The channel I've picked is Siraj Rival's channel. He's super energetic, fun to watch, and talks about awesome things so maybe I might be able to meta learn from doing this to his channel. Going to start with the smallest slice, getting the transcript.
from youtube_transcript_api import YouTubeTranscriptApi
Install it if you don't have it. I'm your friend
Someone already made something dope and easy to use so just use that.
all you need is the part of the video link that comes after the equal sign in address bar
here's the url: https://www.youtube.com/watch?v=9rDhY1P3YLA
I could just cut it off and copy paste away but I am trying to build something I can use in the future.
video_url = "https://www.youtube.com/watch?v=9rDhY1P3YLA"
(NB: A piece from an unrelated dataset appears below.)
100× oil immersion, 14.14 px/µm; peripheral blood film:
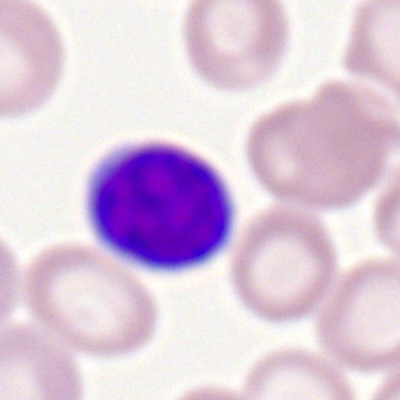 Cell = lymphocyte.

video_splice = video_url.split('=')
video_splice
video_transcript = YouTubeTranscriptApi.get_transcript(video_splice[1])
video_transcript[0:7]
video_transcript[0]['text'] # how to separate one 'text' from the pack
video_transcript_list = []
a = 0
for i in video_transcript:
video_transcript_list.append(video_transcript[a]['text'])
a+=1
video_transcript_list[:10]
alrighty, now for the finale. I'm going to turn it into a string.
s = ' '
transcript_string = s.join(video_transcript_list)
transcript_string[:500]
boom da boom. That's not all I have done today for coding but I don't always just want to work on my site. I also did some Dataquest lessons. Let me know what you think.
Peace.
!date # begin of EDIT
okay spoiler alert. i didn't end up doing what i said i was going to do in the first part of this post. why? i'm not sure i haven't read day two yet and i said i was going to go wild up there so who knows WHAT was going to happen. and the very last cell where i said i'm going to turn it into a string i don't even test the data type..i just print it. so silly.
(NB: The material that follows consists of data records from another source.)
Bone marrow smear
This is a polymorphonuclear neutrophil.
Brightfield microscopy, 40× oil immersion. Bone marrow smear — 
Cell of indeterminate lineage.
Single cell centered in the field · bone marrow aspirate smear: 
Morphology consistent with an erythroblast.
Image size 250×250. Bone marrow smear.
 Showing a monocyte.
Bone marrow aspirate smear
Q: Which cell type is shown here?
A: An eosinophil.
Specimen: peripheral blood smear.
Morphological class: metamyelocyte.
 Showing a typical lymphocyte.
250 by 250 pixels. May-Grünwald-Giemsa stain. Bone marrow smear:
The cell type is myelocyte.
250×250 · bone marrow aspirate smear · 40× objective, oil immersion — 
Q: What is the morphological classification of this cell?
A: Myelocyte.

the reason i was interested in this in the first place was to build up a kind of search bank for conversational knowledge on certain educational youtube videos. i think that was the intention. i'm not sure what i inteded to build tho..
okay for some vocab words up there. and maybe down here too.
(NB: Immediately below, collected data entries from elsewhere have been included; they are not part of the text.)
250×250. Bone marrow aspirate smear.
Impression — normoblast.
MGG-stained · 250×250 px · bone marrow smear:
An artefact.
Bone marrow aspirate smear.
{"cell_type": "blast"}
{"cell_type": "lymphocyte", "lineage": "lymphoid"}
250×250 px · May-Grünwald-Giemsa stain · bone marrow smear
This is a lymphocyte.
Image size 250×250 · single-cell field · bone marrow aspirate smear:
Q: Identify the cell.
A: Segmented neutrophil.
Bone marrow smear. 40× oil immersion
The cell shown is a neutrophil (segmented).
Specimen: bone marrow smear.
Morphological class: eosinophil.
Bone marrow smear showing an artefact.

min.js i still have no clue, something you need in your local directory to run javascript (that's a wile guess)
corpus is a collection of words. honestly that's the simplest version of it. the reason it's called a corpus is because of what it is used for, and it's used to teach machines how to read things within the context of what words are provided in that corpus. a corpus is kind of a data structure that you can get information about these words too.
data structure tbh, data structures and algorithms were my last course in computer science in school. and it was hard but simply - a data structure is for storing data, an algorithm is a pattern to take that data and move it over here and do something fancy to it. in code a data structure can look like these
some_data = ['look at all the data', 1, 3]
some other data = { 'this one' : 'has key value pairs',
'key' : 'value'
'do' : 'do'}
with all that contextual knowledge it's good to probably know that my indecision in ever completing this project probably came from trying to decide whether to write code or to find another youtuber. or day two came and i was hurrying trying to put code together.